Second-floor residents twice complained on Tuesday about the "banging, yelling and stomping sounds along with laughing" from their upstairs neighbors, prosecutors said. The second time, both sisters and Cooper chased the neighbors to their apartment while Hill ran out of the apartment building, threatening to come back with a gun, prosecutors said. Cooper then kicked in the neighbors' front door and broke into their residence with the two sisters as the neighbors fled their apartment, prosecutors said.
The victim was able to flee the building and stopped by police a block over while outdoors in shorts, a tank top and sandals despite freezing temperatures.
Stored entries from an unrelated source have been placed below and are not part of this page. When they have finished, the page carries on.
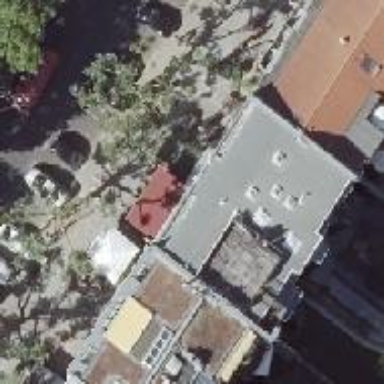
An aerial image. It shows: Café.
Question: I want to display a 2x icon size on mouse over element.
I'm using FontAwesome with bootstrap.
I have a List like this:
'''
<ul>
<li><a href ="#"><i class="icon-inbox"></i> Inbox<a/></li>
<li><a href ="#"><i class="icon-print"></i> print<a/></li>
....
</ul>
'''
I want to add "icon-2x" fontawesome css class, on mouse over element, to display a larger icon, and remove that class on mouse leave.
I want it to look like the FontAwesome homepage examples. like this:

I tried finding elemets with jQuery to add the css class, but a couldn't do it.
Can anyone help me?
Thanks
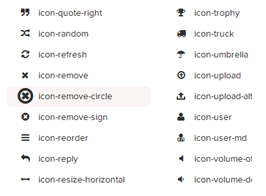
Answer: Why don't you just use CSS ':hover'?
'''
li i[class^="icon-"] { font-size:12px; }
li:hover i[class^="icon-"] { font-size:24px; }
'''
FontAwesome uses a font for the icons, so to double the icon size you simply double the font size. Of course you'd also need to cater for padding, margins and whatever else to ensure the icon stays relative to the text beside it.
If you still want to use jQuery to add a new class:
'''
$('li').hover(function() {
$('i[class^="icon-"]', this).addClass('icon-2x');
}, function() {
$('i[class^="icon-"]', this).removeClass('icon-2x');
})
'''
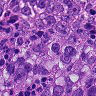
Metastatic tissue present: yes
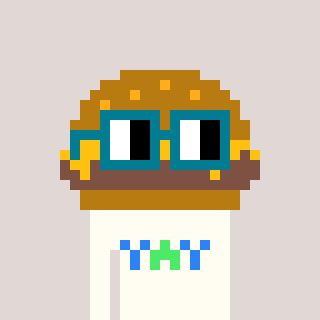
a pixel art character with square dark green glasses, a burger-shaped head and a grayscale-colored body on a warm background
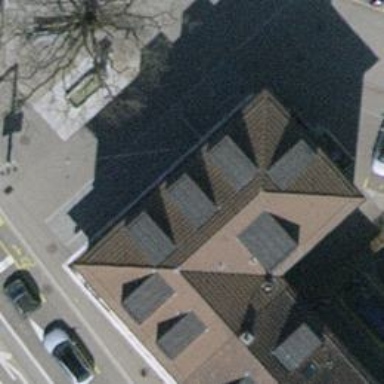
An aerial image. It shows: Bank.
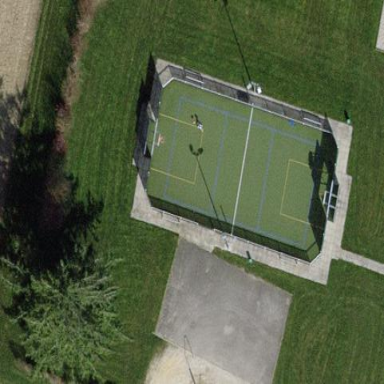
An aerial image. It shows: Multi-sport pitch for leisure activities.
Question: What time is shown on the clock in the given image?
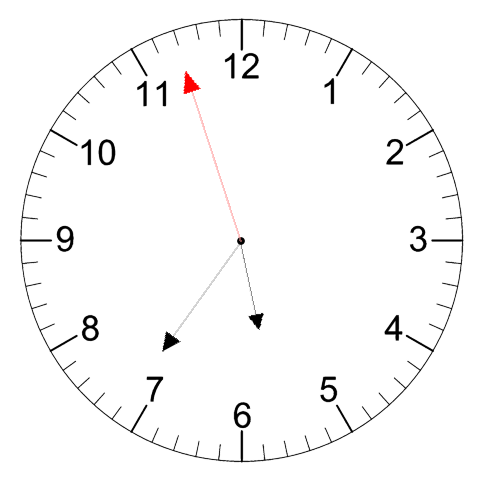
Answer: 05:35:57
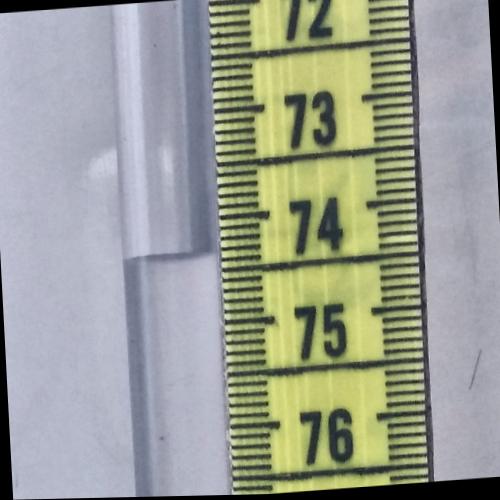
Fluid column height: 74.3 cm
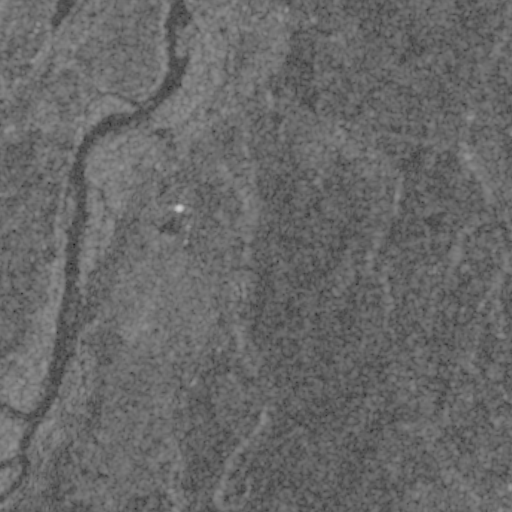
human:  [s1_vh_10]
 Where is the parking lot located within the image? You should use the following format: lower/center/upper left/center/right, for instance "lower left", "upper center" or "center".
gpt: The parking lot is located in the center of the image.
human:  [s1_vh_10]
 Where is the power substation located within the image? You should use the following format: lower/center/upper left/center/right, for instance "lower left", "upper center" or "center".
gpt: The power substation is located in the upper right of the image.
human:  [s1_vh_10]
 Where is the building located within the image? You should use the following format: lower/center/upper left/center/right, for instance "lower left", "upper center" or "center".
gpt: The building is located in the center left of the image.
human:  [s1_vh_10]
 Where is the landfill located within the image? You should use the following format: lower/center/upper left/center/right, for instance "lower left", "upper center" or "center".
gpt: There is no landfill in the image.

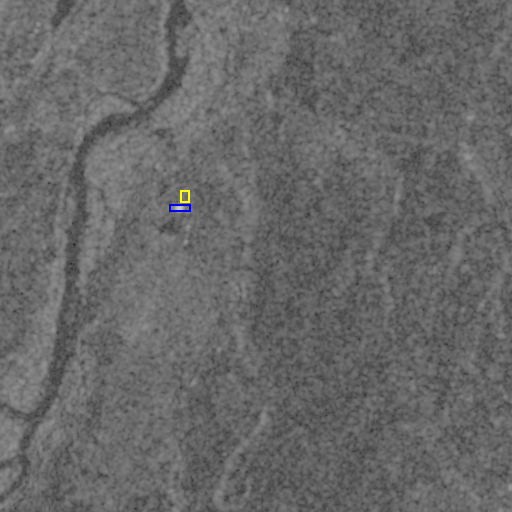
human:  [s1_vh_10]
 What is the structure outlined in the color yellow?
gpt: The structure outlined in yellow is a parking lot.
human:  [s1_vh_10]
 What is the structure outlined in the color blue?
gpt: The structure outlined in blue is a building.
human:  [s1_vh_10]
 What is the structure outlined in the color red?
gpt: There is no red outline.
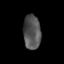
Tissue: skin
Cell type: Epithelial cells
Senescence score: 0.1199
Nuclear area (px): 582
Mean DAPI intensity: 83.486
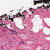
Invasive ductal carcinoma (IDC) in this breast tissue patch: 0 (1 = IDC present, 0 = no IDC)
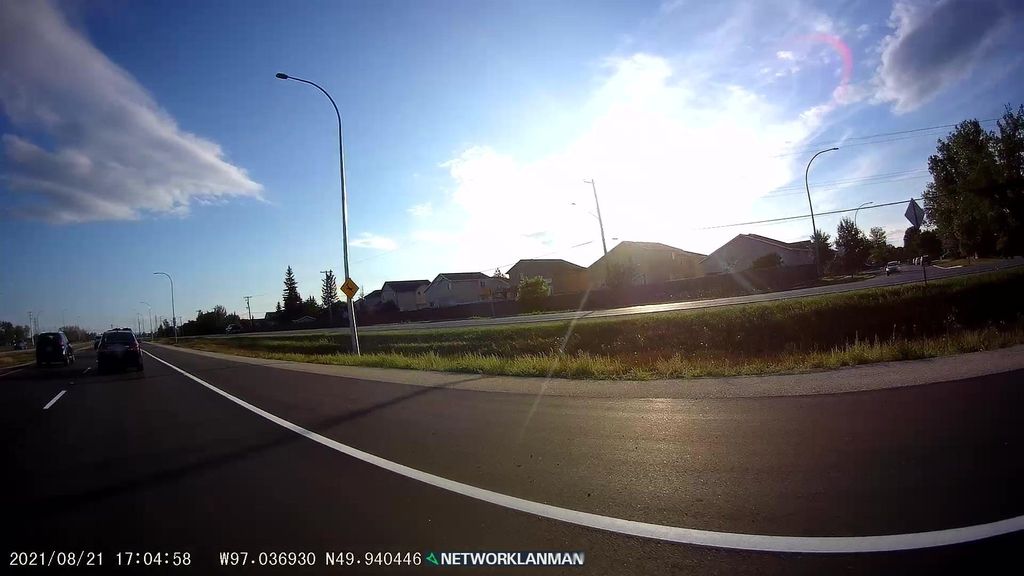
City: winnipeg
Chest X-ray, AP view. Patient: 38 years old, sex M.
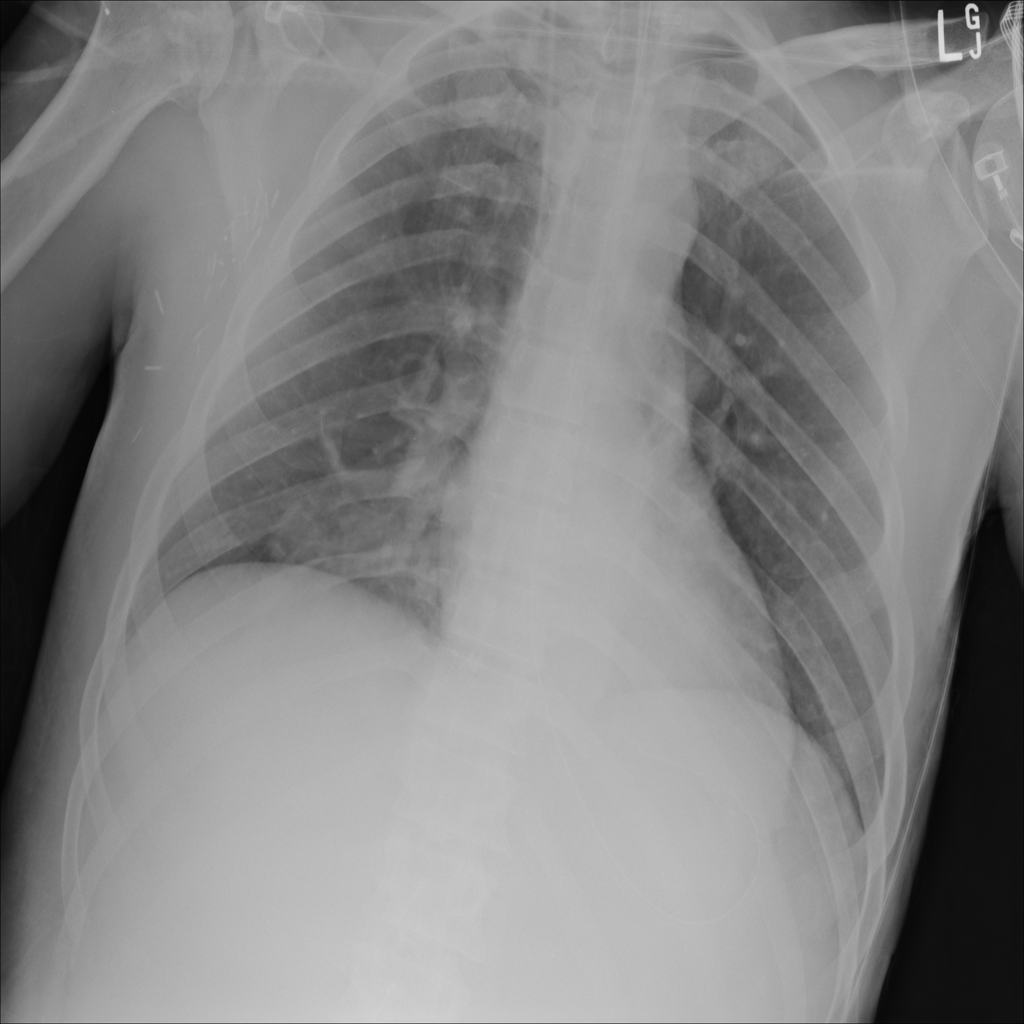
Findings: Atelectasis
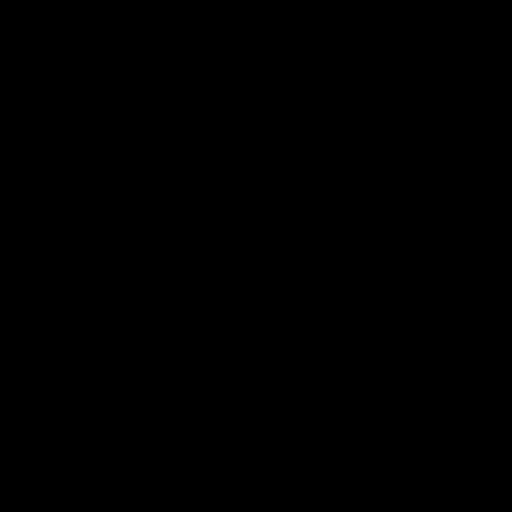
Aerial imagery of valley in Florida named East Head containing woody wetlands and evergreen forest
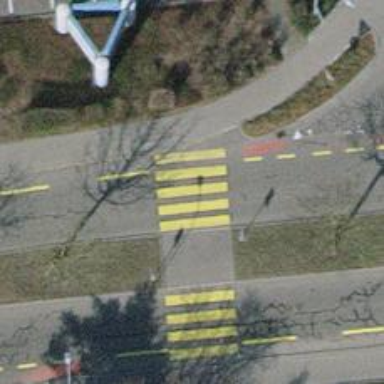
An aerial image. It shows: Marked crossing on the road.
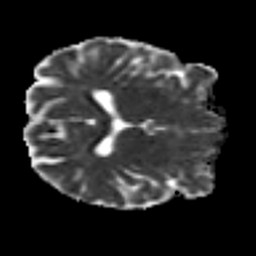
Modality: MD
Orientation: axial
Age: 47
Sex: male
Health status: healthy
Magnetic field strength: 3 T
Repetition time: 8.4 s
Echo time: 0.0926 s
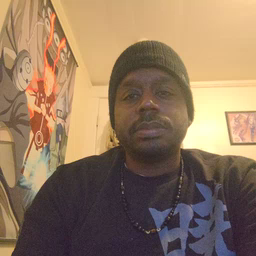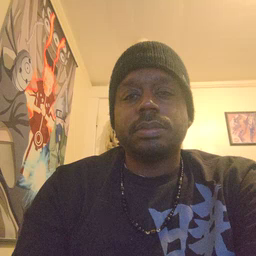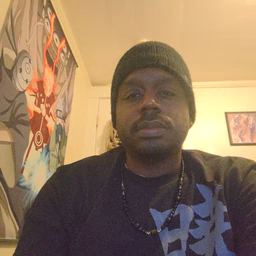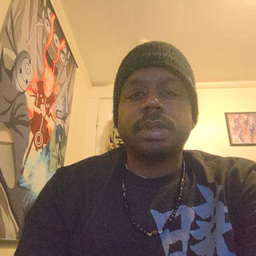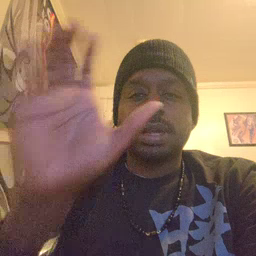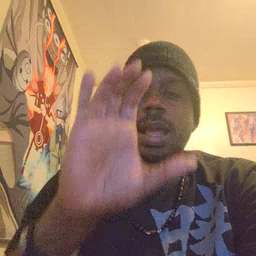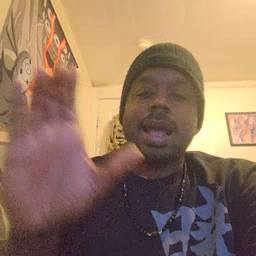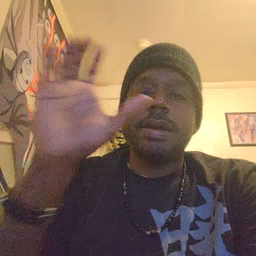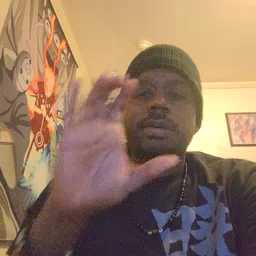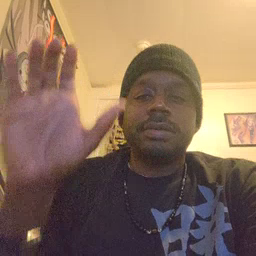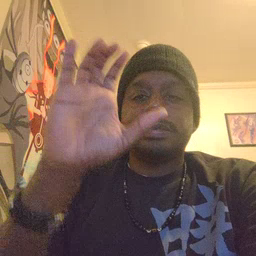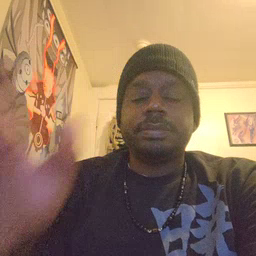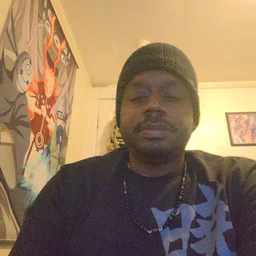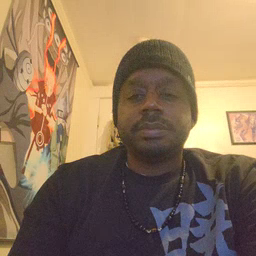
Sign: cloud
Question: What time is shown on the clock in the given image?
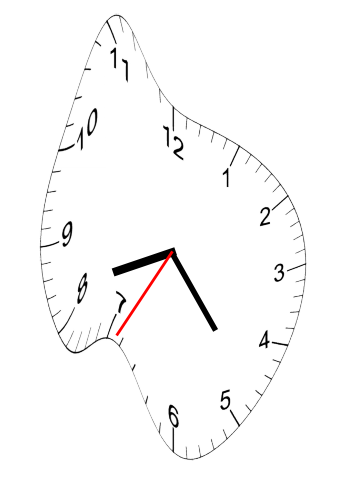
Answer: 08:23:35
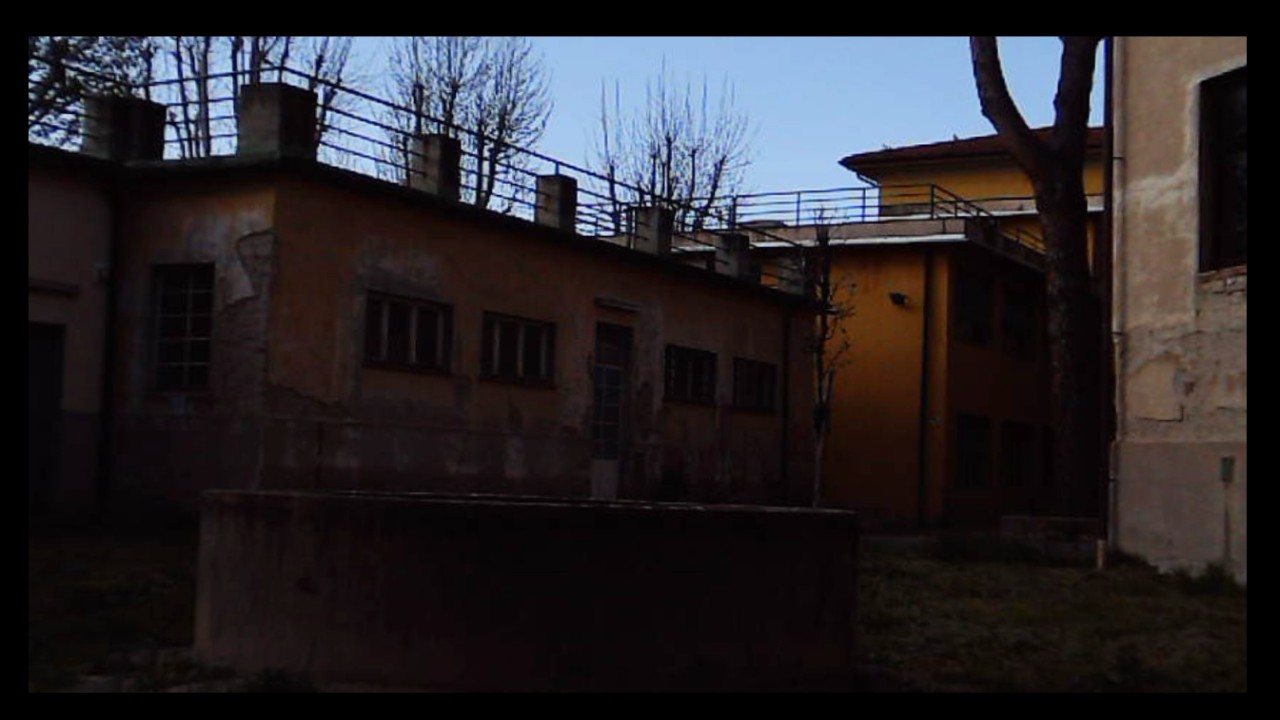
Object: Betafpv air75
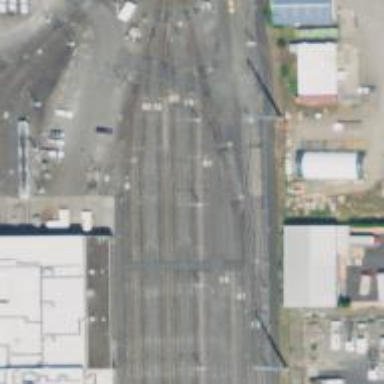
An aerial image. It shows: Railway level crossing.
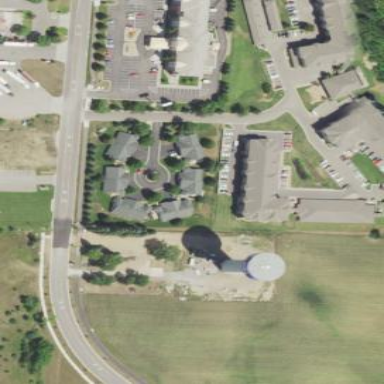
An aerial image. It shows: Residential area consisting of townhomes.
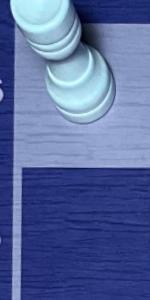
Label: Empty
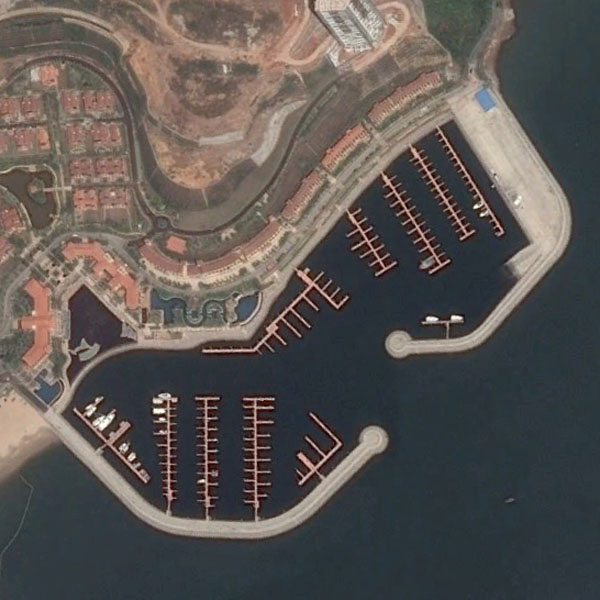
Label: Port

Police ran his name and discovered he had been reported missing from Streamwood by his parents.
He was treated at a hospital for cuts and lacerations to his head, face and body as well as a stab wound to his left arm, authorities said.
Police believe the victim was tied up for four or five hours. All four suspects have given statements admitting their roles in the attack, police said.
Before the charges were announced Thursday, the video had become a national rallying cry for conservative pundits who tried to pin the blame for the attack on the Black Lives Matters movement. Debate also raged on social media and cable news stations about whether police would consider the black-on-white assault a hate crime.